Ever since I’ve become semi-retired, I’ve gotten busier. I put that on Twitter to let people know that I’m at the end of the game now; I’m not taking on new students. I’ve got Frankie, Ross Fisher, some college kids and the members at The Wisley club in England. And that’s it. That’s a lot. I have to tell you, recently I’ve turned down three or four well-known golfers who you would think I’m crazy to pass up a chance to work with. They’re good guys, but I’m too busy.

how do you feel about technology reshaping golf instruction?

It’s a natural progression that mirrors technological advances in everything. It’s not the world I grew up in, but you’ve got to learn all these systems to stay relevant. I’m one of the old guys, and it’s easy to say we didn’t need that stuff back then. But nowadays, the whole field can win each week. You need every advantage you can get. You better know whether your player should have a banana on the fourth hole or the sixth hole, because if it helps, it helps. The terminology with all these tech systems is funny, though. It’s like learning a foreign language. A lot of it is things you should never say to a student. I wouldn’t even use some of these words with a tour pro. I just tell them what it should feel like. It’s for me to understand the technical stuff, but I want players to play.
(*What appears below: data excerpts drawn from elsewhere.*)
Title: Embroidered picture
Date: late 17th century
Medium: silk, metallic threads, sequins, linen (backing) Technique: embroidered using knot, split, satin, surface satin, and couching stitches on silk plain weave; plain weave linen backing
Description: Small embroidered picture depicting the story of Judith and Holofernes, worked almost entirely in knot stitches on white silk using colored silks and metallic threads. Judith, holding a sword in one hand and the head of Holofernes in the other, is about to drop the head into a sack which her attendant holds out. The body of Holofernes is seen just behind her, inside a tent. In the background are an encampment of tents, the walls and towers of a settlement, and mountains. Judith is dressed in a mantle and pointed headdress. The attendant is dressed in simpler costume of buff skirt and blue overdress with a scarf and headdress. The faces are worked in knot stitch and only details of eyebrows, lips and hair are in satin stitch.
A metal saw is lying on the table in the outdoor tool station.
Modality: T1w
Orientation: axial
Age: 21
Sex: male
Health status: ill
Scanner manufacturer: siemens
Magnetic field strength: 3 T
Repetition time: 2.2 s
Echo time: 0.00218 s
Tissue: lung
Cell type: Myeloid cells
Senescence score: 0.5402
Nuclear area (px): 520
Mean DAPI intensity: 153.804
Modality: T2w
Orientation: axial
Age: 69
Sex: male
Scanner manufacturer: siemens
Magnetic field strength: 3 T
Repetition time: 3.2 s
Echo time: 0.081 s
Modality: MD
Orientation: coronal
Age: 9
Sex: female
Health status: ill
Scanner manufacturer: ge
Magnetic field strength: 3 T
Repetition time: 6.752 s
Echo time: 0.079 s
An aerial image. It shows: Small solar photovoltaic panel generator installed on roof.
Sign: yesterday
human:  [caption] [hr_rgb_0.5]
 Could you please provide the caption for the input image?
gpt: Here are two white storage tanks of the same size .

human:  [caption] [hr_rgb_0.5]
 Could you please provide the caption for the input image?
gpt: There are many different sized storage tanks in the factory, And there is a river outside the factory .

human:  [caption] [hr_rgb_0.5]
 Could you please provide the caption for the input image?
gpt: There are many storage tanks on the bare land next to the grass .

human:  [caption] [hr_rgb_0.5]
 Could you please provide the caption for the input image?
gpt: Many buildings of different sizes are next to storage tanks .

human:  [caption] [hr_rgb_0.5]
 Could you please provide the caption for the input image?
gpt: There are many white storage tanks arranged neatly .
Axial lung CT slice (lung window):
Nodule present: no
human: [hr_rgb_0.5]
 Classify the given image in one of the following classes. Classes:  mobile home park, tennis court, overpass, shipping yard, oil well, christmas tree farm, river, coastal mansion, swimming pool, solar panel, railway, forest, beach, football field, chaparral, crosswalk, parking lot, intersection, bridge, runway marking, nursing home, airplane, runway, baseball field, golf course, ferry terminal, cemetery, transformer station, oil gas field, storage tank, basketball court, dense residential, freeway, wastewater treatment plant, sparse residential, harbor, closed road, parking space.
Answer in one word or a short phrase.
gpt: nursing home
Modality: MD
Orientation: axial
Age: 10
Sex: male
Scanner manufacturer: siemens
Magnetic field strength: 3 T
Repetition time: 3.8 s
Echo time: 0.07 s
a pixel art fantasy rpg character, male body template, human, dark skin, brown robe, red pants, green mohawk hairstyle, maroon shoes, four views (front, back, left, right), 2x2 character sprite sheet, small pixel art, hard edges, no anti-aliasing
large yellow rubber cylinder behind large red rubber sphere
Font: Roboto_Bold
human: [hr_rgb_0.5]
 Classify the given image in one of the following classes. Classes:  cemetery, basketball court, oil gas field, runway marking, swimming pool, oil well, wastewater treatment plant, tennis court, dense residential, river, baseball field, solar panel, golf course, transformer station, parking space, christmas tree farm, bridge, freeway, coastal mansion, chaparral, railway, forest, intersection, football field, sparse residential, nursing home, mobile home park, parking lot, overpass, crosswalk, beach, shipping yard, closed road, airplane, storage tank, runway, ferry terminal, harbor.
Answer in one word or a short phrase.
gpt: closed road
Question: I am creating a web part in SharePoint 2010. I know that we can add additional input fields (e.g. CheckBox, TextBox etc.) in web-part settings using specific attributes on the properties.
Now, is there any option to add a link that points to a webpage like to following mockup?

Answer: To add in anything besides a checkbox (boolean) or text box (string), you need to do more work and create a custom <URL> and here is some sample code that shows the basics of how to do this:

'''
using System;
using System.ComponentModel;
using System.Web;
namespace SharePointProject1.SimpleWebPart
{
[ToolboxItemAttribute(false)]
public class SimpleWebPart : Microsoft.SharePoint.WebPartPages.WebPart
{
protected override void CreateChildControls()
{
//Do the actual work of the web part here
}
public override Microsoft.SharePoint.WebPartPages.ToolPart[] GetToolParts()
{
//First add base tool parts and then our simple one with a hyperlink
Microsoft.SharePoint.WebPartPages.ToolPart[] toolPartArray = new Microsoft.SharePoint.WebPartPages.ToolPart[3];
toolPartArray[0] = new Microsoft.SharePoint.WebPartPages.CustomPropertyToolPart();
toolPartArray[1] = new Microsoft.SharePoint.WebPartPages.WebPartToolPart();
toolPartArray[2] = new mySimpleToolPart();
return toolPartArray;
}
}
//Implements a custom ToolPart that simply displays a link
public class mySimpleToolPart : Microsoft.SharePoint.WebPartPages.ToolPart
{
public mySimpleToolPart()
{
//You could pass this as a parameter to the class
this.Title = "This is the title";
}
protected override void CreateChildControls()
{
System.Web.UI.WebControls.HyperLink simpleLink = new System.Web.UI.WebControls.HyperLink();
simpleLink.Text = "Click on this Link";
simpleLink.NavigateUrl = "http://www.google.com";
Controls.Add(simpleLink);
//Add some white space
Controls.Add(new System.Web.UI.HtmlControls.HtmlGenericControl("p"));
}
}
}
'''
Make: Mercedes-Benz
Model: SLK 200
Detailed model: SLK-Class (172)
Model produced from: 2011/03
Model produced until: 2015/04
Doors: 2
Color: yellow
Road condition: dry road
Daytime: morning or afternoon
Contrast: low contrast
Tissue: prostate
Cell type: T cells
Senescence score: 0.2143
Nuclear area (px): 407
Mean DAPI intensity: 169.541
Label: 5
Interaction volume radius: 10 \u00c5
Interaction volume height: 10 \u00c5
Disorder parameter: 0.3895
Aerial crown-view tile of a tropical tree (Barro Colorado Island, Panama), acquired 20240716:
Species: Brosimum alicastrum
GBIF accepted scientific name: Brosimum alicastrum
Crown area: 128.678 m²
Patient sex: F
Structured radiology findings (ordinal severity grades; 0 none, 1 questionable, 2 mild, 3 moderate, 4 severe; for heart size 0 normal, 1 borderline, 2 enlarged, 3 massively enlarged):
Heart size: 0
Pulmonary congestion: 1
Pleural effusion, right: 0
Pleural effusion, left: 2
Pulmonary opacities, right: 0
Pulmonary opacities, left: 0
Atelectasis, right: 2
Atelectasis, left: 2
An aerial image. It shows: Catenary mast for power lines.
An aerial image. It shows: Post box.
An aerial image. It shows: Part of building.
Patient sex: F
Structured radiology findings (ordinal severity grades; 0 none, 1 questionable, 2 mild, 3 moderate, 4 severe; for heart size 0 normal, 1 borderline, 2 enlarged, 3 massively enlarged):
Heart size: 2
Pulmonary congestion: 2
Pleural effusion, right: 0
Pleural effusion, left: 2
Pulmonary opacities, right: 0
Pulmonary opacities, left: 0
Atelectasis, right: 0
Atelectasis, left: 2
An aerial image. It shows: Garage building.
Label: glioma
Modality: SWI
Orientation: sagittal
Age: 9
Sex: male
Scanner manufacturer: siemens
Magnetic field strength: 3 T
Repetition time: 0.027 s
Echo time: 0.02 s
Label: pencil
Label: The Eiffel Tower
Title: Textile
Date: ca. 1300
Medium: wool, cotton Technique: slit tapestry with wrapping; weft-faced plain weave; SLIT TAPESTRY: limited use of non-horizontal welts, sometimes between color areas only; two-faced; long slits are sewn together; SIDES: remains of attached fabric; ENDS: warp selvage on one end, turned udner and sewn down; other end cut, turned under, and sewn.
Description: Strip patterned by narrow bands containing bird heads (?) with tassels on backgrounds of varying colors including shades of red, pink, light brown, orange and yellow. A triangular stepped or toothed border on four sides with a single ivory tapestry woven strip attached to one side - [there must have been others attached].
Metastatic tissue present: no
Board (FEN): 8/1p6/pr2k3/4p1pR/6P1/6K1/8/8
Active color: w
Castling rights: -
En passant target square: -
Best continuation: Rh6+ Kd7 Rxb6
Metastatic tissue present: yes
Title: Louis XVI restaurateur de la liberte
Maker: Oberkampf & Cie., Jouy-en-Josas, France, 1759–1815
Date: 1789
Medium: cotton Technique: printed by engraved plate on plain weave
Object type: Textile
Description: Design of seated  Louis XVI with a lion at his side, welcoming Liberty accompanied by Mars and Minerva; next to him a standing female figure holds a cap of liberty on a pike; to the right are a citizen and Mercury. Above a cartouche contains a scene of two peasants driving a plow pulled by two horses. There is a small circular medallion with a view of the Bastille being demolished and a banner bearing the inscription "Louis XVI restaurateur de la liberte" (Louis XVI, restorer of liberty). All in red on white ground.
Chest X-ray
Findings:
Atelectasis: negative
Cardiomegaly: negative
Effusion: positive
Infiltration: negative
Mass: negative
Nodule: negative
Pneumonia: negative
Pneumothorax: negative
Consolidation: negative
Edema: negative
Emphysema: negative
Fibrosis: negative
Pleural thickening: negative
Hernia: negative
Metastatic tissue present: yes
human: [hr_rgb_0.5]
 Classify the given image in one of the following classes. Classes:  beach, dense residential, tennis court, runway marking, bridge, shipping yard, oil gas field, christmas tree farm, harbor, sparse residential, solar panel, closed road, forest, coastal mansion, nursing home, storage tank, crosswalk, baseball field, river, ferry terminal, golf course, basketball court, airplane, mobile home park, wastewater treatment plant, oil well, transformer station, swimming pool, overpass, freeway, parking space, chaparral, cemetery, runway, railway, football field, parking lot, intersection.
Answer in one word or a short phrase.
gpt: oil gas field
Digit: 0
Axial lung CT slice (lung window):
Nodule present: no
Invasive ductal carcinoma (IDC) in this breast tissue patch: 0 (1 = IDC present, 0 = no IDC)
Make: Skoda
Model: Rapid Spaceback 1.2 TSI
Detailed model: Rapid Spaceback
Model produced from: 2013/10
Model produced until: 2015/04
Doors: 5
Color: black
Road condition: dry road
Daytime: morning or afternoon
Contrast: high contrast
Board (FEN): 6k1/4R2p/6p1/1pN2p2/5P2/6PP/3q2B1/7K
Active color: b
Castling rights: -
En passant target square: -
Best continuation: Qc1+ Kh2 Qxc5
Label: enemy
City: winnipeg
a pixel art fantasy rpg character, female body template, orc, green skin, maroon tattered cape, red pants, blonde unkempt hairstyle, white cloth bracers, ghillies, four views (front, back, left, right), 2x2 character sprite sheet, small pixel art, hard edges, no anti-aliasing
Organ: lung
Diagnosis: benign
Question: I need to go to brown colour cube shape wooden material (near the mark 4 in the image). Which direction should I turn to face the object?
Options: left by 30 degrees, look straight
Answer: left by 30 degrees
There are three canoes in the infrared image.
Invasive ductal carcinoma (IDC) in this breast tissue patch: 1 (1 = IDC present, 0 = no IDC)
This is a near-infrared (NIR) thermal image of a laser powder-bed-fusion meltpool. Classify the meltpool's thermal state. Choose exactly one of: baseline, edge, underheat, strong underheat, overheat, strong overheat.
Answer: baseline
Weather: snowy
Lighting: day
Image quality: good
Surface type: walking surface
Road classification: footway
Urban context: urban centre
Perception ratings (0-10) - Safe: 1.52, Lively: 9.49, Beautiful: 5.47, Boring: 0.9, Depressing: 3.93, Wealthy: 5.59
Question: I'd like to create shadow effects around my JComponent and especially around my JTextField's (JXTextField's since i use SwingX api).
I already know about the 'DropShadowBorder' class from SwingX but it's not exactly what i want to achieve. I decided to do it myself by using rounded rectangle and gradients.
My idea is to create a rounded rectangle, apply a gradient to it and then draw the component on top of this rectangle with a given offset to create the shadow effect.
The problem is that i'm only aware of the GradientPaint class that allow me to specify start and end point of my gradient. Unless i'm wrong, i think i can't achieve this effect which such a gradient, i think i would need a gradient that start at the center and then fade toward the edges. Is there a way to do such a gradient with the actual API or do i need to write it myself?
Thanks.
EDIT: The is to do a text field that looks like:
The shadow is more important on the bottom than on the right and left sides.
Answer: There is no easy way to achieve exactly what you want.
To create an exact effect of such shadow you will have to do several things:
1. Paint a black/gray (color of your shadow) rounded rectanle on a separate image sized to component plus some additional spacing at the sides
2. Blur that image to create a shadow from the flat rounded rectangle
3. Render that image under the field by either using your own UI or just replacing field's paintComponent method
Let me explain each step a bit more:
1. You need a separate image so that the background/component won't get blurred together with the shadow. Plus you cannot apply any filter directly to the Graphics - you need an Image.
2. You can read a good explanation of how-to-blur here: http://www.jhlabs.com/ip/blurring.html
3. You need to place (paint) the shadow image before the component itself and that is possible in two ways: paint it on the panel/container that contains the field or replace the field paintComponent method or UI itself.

is there anything out there in golf instruction that is hurting the average player? Less now than perhaps in the past, when people were trying to concentrate on positions in the swing as being key positions. I think the guys who do good work on tour, and the guys who do good research on the swing, are learning that it’s not about a set of swing positions – it’s a flow.

you have a reputation for being outspoken. is that fair?

I tend to be a rebel, and I’ve upset a lot of people along the way. But it never worried me about being popular – I don’t give a s—. I really don’t. I don’t have intentions of leaving a legacy. My intention is to live my life and do what I do. The last time I got involved with talking technique on Twitter, about five or six years ago, was with the stack-and-tilt guys. They had so much good information, but they were telling everyone else they were wrong. They weren’t wrong. You look at those guys and say, “Some of your research is great, but don’t tell everyone they’ve got to get in these positions.” Monty didn’t need stack-and-tilt.

what’s another example of a great coaching job?

It was with a lady member of Wanstead. We’re talking 30 years ago. She could not get the ball airborne. At the time in England, to play the course, you had to have a handicap of 36 or better. With my help, she got down to 29. From where she started to where she got, that’s the best coaching I ever did. She got it airborne and got it around the golf course with no talent for sports whatsoever. And my first lesson? It was a lady member, and I just thought, Let her still like me at the end of this lesson. That was back when I still cared.